→ YOUR GOAL
Below are records with pictures. Transcribe exactly, and only, the lines from the line with "Character: 1" to the line with "rates, e.g ., >2", both ends included, but not the pictures.

→ Stored entries
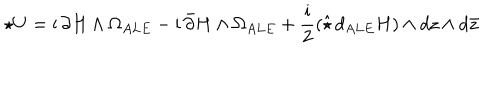
\star U = \mathrm { i } \, \partial H \wedge \Omega _ { A L E } - \mathrm { i } \, \bar { \partial } H \wedge \Omega _ { A L E } + \frac { \mathrm { i } } { 2 } \left( \hat { \star } \, d _ { A L E } H \right) \wedge d z \wedge d \bar { z }
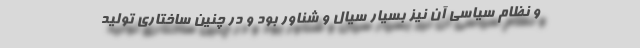
و نظام سیاسی آن نیز بسیار سیال و شناور بود و در چنین ساختاری تولید
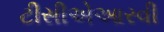
ટીસીએઆરવી
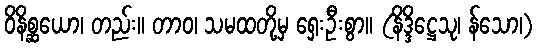
ဝိနိစ္ဆယော၊ တည်း။ တာဝ၊ သမထတို့မှ ရှေးဦးစွာ။ (နိဒ္ဒိဋ္ဌေသု၊ န်သော၊)
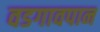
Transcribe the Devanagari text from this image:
वडगावपान
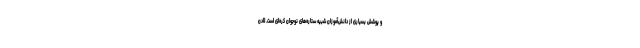
و پوشش بسیاری از دانش‌آموزان شبیه ستاره‌های نوجوان کره‌ای است. لادن
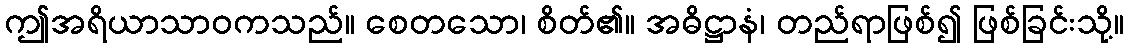
ဤအရိယာသာဝကသည်။ စေတသော၊ စိတ်၏။ အဓိဋ္ဌာနံ၊ တည်ရာဖြစ်၍ ဖြစ်ခြင်းသို့။
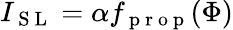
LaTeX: I_{\mathrm{~S~L~}}=\alpha f_{\mathrm{~p~r~o~p~}}(\Phi)
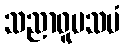
သညာဝူပသမံ
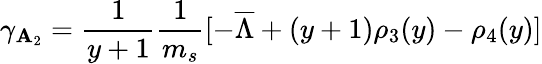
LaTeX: \gamma_{\mathbf{A}_{2}}={\frac{{1}}{{y+1}}}{\frac{{1}}{{m_{s}}}}[-\overline{{{\Lambda}}}+(y+1)\rho_{3}(y)-\rho_{4}(y)]
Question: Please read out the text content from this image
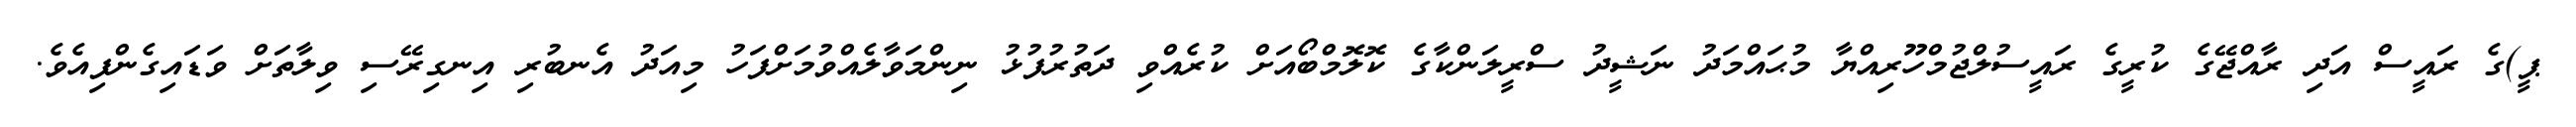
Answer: ޕީ)ގެ ރައީސް އަދި ރާއްޖޭގެ ކުރީގެ ރައީސުލްޖުމްހޫރިއްޔާ މުޙައްމަދު ނަޝީދު ސްރީލަންކާގެ ކޮލޮމްބޯއަށް ކުރެއްވި ދަތުރުފުޅު ނިންމަވާލެއްވުމަށްފަހު މިއަދު އެނބުރި އިނގިރޭސި ވިލާތަށް ވަޑައިގެންފިއެވެ.
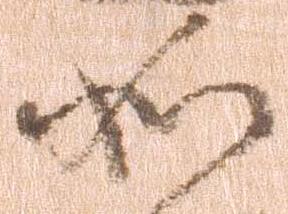
如
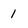
Character: 1
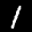
Label: 1
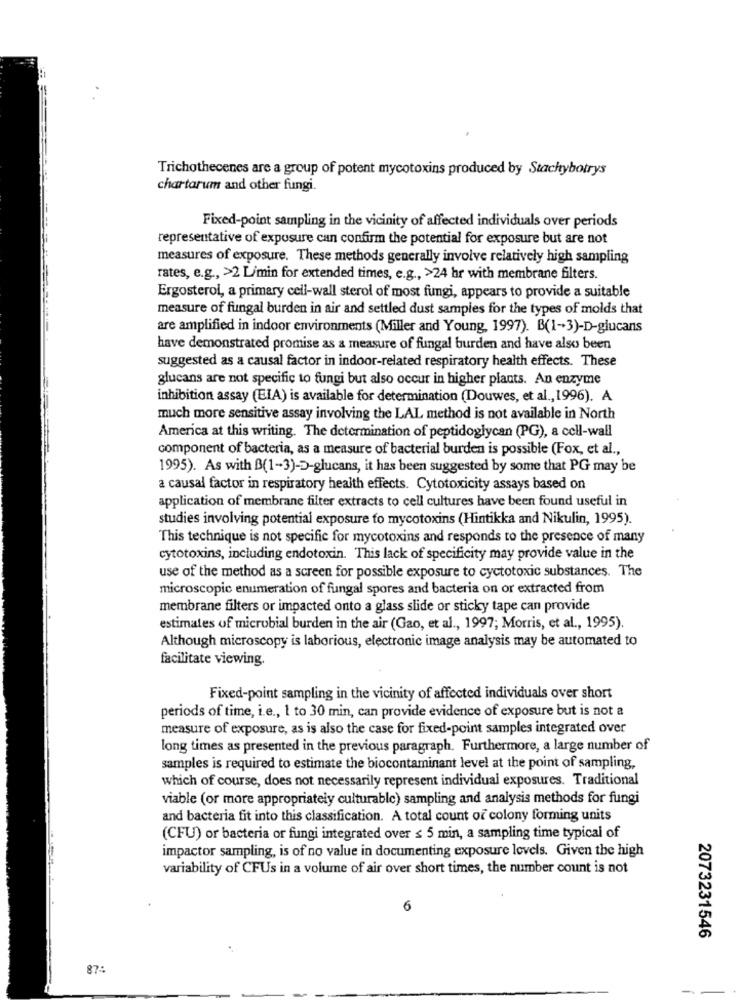
Trichothecenes are a group of potent mycotoxins produced by Stachybotrys
chartarum and other fungi.
Fixed-point sampling in the vicinity of affected individuals over periods
representative of exposure can confirm the potential for exposure but are not
measures of exposure. These methods generally involve relatively high sampling
rates, e.g ., >2 L/min for extended times, e.g ., >24 hr with membrane filters.
Ergosterol, a primary cell-wall sterol of most fungi, appears to provide a suitable
measure of fungal burden in air and settled dust samples for the types of molds that
are amplified in indoor environments (Miller and Young, 1997). B(1-3)-D-glucans
have demonstrated promise as a measure of fungal burden and have also been
suggested as a causal factor in indoor-related respiratory health effects. These
glucans are not specific to fungi but also occur in higher plants. An enzyme
inhibition assay (EIA) is available for determination (Douwes, et al ., 1996). A
much more sensitive assay involving the LAL method is not available in North
America at this writing. The determination of peptidoglycan (PG), a cell-wall
component of bacteria, as a measure of bacterial burden is possible (Fox, et al .,
1995). As with B(1-3)-D-glucans, it has been suggested by some that PG may be
a causal factor in respiratory health effects. Cytotoxicity assays based on
application of membrane filter extracts to cell cultures have been found useful in
studies involving potential exposure to mycotoxins (Hintikka and Nikulin, 1995).
This technique is not specific for mycotoxins and responds to the presence of many
cytotoxins, including endotoxin. This lack of specificity may provide value in the
use of the method as a screen for possible exposure to cyctotoxic substances. The
microscopic enumeration of fungal spores and bacteria on or extracted from
membrane filters or impacted onto a glass slide or sticky tape can provide
estimates of microbial burden in the air (Gao, et al ., 1997; Morris, et al ., 1995).
Although microscopy is laborious, electronic image analysis may be automated to
facilitate viewing.
Fixed-point sampling in the vicinity of affected individuals over short
periods of time, i.e ., 1 to 30 min, can provide evidence of exposure but is not a
measure of exposure, as is also the case for fixed-point samples integrated over
long times as presented in the previous paragraph. Furthermore, a large number of
samples is required to estimate the biocontaminant level at the point of sampling,
which of course, does not necessarily represent individual exposures. Traditional
viable (or more appropriately culturable) sampling and analysis methods for fungi
and bacteria fit into this classification. A total count of colony forming units
(CFU) or bacteria or fungi integrated over ≤ 5 min, a sampling time typical of
impactor sampling, is of no value in documenting exposure levels. Given the high
variability of CFUs in a volume of air over short times, the number count is not
6
2073231546
87:
-
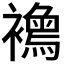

→ FINAL ANSWER
Character: 1
Label: 1
Trichothecenes are a group of potent mycotoxins produced by Stachybotrys
chartarum and other fungi.
Fixed-point sampling in the vicinity of affected individuals over periods
representative of exposure can confirm the potential for exposure but are not
measures of exposure. These methods generally involve relatively high sampling
rates, e.g ., >2 L/min for extended times, e.g ., >24 hr with membrane filters.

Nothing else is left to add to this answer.